He does like the rally gatherings even though most of the kids his age tend to be girls right now. We're up for ideas too. He won't have a choice but to go with us because we won't leave him behind. I just feel like it's important that he's doing what the family is doing.

Carmen


----------



## Scoutr2 (Aug 21, 2006)

HootBob said:


> Have you tried to get 12year old DD to take one of her friends along it might help
> Just a thought
> 
> Don


Our DD is 12, also, but she loves camping! She's been camping since she was three, first in our Coleman pop-up, and then in the Outback (starting late last summer).

Except for the annual family vacation, she always takes a friend along. Some are picky eaters, and some don't like all the bugs and critters, but they keep each other company - riding bikes, hiking trails with our Collie, making friends at the playgrounds, etc. When it's rainy, they play games or watch TV in the camper, but they always have a good time.

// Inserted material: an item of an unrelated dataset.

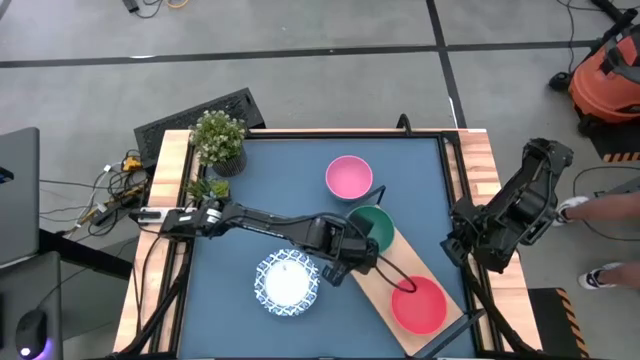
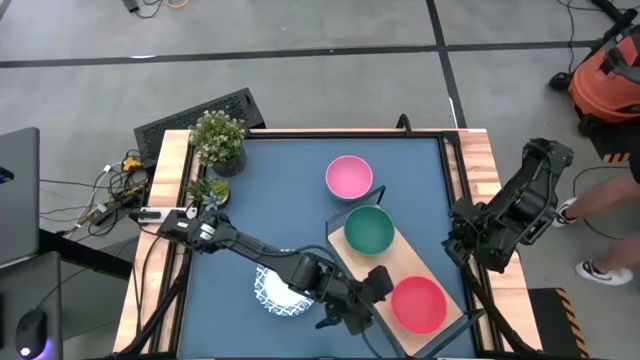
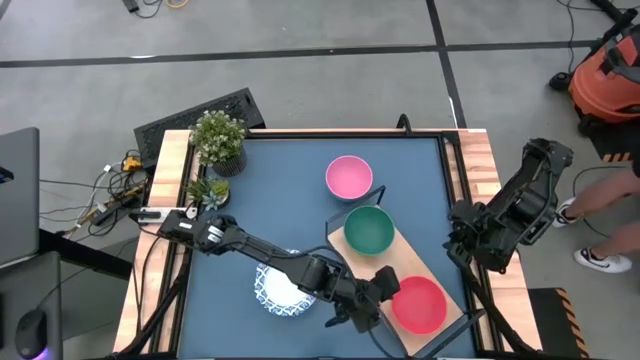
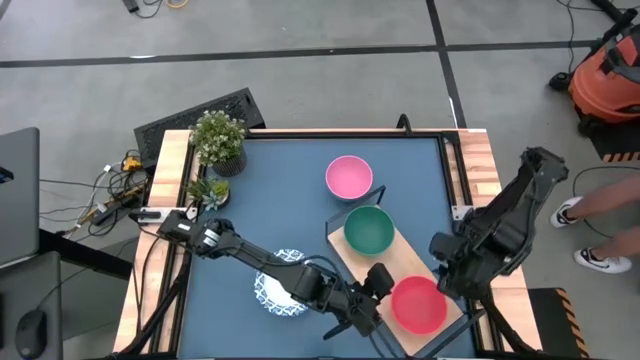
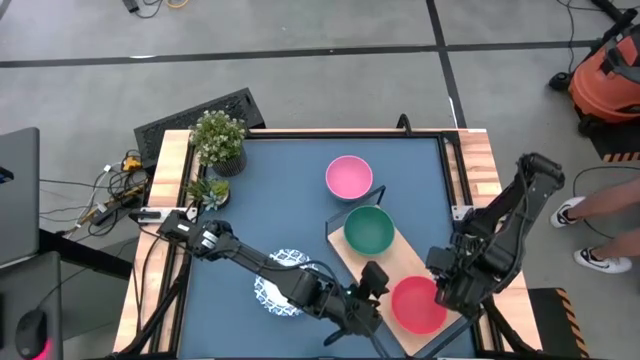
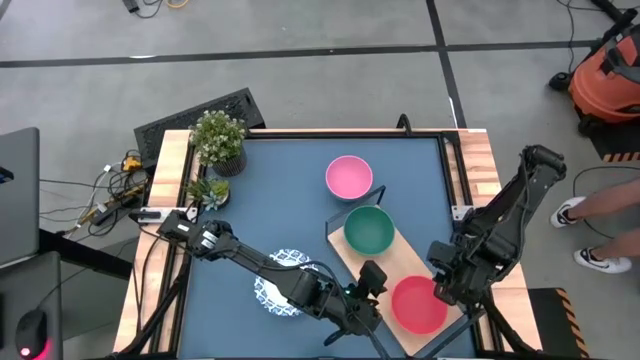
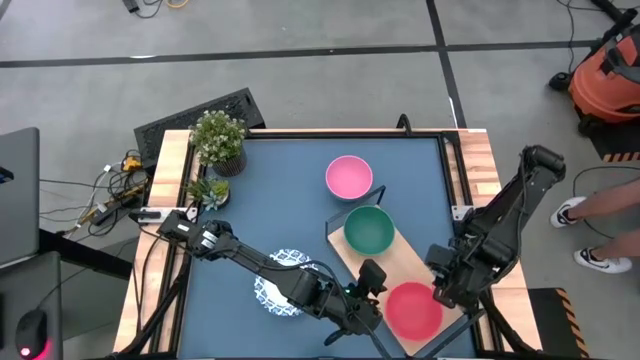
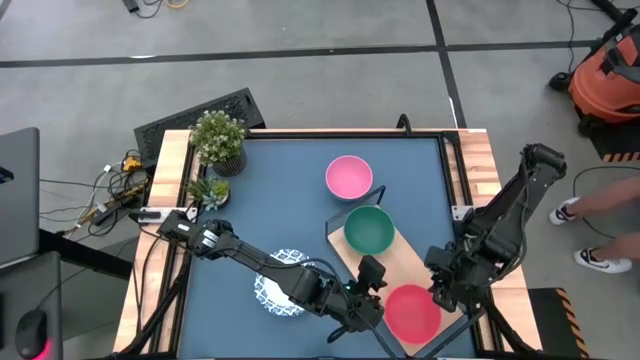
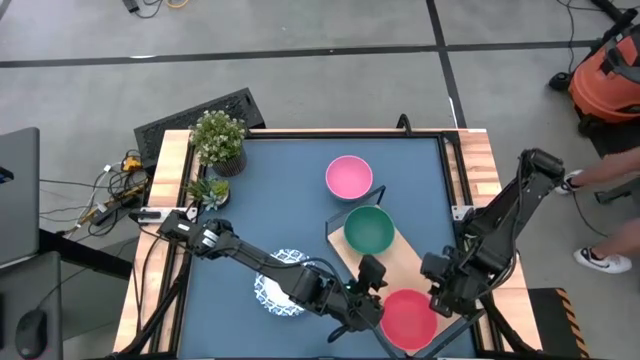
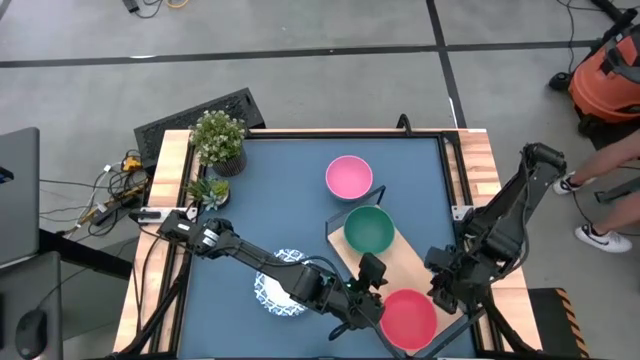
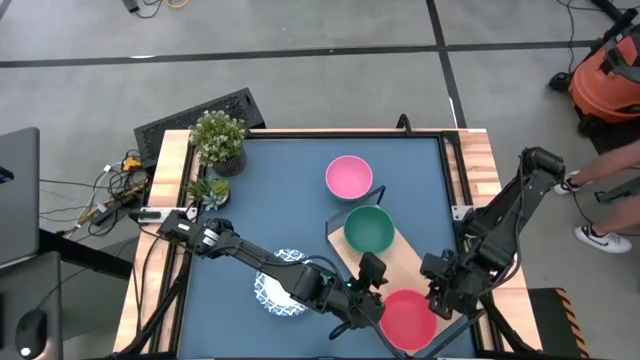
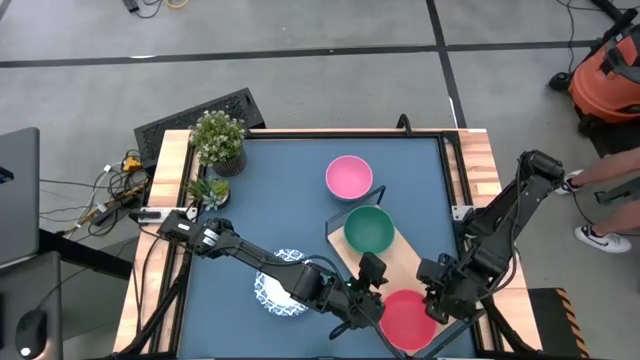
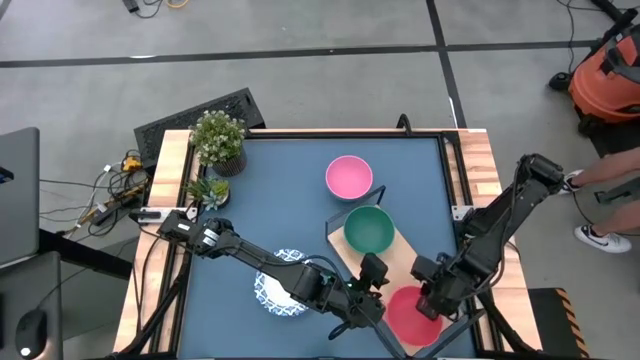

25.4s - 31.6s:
Task: Place and stack bowls onto a shelf
Stack the orange bowl on top of the green bowl on the shelf

Erica learned to ride a bike without the training wheels on a campout in 2000, at Johnson-Sauk SP, here in IL. All our (and DD and most of DS's) great adventures are mostly focused around that old Coleman Pop-up. We logged nearly 30,000 miles in nine seasons - from Maine to Idaho, Minnesota to New Mexico, and most places in between. Erica is one of the few in her school that can say she's been in 30+ states.

RVing and camping have been wonderful pastimes for our family. We wouldn't trade a minute of any of those memories (even the cold, wet ones - which seem to stand out more than the good-weather ones!).

I'll bet your DD has a few friends that would like to go with you - or maybe the families of some of your DDs friends might have an RV and be up to spending weekends camping side by side with you. We've done that and have made some great camping friends that way.

Good luck,
Mike


----------



## tdvffjohn (Mar 10, 2005)

Sometimes I just keep the perspective when we are home and she has all her stuff available including TV and her friends a phone call away, they even then say they are bored.


----------



## OregonCampin (Mar 9, 2007)

Oh man, do I remember these days.... sitting around the campsite BORED BORED BORED, now I can't get enough of it.....hum how things change....

When I was that age (it was awhile ago) there were not TV's, DVD Players, PSP's....we were lucky if we camped somewhere with a hot shower and we never really had a trailer - tent camping 101 (and the old canvas type with no floor!!!!!) I think the one thing that saved my family from pre-teen torture was the fact that we camped with several other families who had kids - we rarely had room to bring friends - 4 kids and my dad plus gear pretty much filled up the car, so we made due with the "friends" that were provided.

So with that note, if you have room, bring along a friend, but warning - sometimes this backfires because then you have TWO pre-teen whiners if they are both bored, but they can spend their time whining to each other!







That or find a couple of families that like to camp with kids in the same age range.


----------



## Kenstand (Mar 25, 2004)

My DD is not a big camping fan either. We got our OB when she turned 13 and she started out in the hating camping mode. I wish we would have camped much earlier with her.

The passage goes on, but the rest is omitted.